Creditors of Choudhry Trading Corporation Limited (Company
Number 02942066) will meet at 11:00 a.m. on July 20 at:

         BDO Stoy Hayward LLP
         4th Floor
         Edmund House
         12-24 New Hall Street
         Birmingham B3 3EW
         United Kingdom

Creditors who want to be represented at the meeting may appoint
proxies.  Proxy forms must be submitted together with written
debt claims at 12:00 noon on July 19 at:

         M.H. Thompson
         Joint Administrative Receiver
         BDO Stoy Hayward LLP
         125 Colmore Row
         Birmingham B3 3SD
         United Kingdom
         Tel: 0121 200 4600
         Fax: 0121 200 4650
         E-mail: birmingham@bdo.co.uk

BDO Stoy Hayward -- http://www.bdo.co.uk/-- is the U.K. member  
firm of BDO International, the world's fifth largest accountancy
network with more than 600 offices in 100 countries.  Its
services include: audit and assurance, business restructuring,
corporate finance, disputes and investigations, investment
management, risk assurance services, tax services, and
valuations.


CNC METALFORM: Taps Joint Administrators from Jacksons Jolliffe
---------------------------------------------------------------
David Antony Willis and Matthew Colin Bowker of Jacksons
Jolliffe Cork were appointed joint administrators of CNC
Metalform Limited (Company Number 04077311) on June 15.

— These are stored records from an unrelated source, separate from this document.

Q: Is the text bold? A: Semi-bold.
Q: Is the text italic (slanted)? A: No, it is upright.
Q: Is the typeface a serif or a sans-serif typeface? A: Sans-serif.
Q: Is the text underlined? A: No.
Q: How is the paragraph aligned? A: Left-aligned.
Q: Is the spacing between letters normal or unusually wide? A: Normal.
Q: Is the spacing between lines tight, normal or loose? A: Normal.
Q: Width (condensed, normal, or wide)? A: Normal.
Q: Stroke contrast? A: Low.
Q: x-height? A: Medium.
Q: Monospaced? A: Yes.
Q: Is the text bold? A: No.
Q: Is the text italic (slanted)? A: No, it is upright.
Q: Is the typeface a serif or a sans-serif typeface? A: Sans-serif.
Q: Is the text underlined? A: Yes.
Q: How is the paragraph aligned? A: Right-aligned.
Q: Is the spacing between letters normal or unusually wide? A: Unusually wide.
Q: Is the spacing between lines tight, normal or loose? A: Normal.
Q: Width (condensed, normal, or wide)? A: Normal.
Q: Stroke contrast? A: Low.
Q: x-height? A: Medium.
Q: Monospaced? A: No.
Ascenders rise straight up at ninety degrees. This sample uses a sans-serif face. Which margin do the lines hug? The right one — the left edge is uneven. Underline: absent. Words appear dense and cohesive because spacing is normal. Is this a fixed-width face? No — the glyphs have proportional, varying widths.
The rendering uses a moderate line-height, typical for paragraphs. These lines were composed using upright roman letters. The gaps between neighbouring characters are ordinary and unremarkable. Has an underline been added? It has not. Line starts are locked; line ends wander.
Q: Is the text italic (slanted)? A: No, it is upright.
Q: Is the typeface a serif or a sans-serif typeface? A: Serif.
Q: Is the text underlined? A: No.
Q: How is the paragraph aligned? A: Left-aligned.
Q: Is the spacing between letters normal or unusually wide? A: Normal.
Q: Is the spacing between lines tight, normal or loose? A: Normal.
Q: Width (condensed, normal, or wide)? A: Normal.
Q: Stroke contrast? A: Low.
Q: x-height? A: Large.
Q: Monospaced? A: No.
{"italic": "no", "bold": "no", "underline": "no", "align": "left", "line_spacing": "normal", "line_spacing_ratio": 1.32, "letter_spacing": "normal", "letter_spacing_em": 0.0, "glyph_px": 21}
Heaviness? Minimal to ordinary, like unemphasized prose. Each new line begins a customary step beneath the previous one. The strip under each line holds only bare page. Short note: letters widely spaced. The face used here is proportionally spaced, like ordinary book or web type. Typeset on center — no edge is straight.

Jackson Jolliffe Cork -- http://www.jjcork.co.uk/-- was  
established in 1998.  It has offices in Doncaster, Harrogate,
Hull, Middlesbrough, Wakefield and York.  The firm is engaged
exclusively in business recovery and insolvency work and
comprises certified and chartered accountants, licensed
insolvency practitioners and business turnaround consultants,
many having joined us from senior positions within National
firms.

Headquartered in Bradford, United Kingdom, CNC Metalform Limited
fabricates metal.


COMPASS HEALTH: Creditors Pass Winding Up Resolution
----------------------------------------------------
Creditors of Compass Health & Fitness Consultancy Limited passed
a resolution to wind up the company's operations during an
extraordinary general meeting on April 13.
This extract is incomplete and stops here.